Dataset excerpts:
════

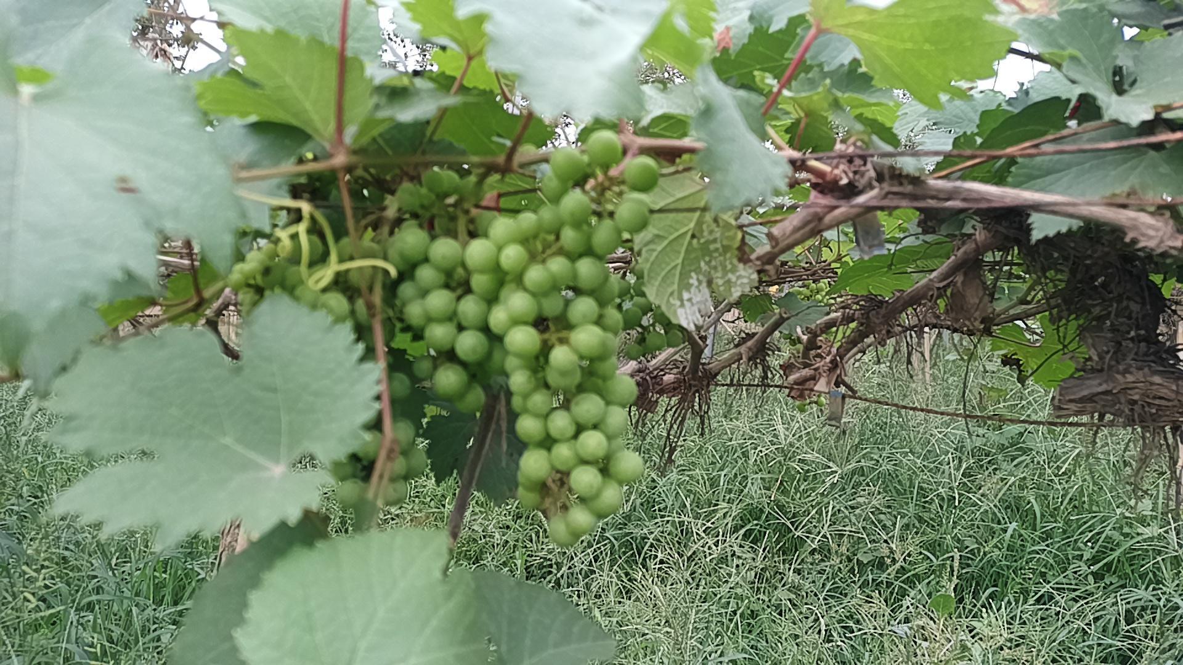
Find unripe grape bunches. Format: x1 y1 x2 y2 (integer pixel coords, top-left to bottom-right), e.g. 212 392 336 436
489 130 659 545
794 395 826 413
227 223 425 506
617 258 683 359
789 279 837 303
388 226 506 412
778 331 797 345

════

▶ [Assignment]
Your copy should match the data above exactly, apart from the pictures.

▶ [Output of the exercise]
Find unripe grape bunches. Format: x1 y1 x2 y2 (integer pixel coords, top-left to bottom-right), e.g. 212 392 336 436
489 130 659 545
794 395 826 413
227 223 425 506
617 258 683 359
789 279 837 303
388 226 506 412
778 331 797 345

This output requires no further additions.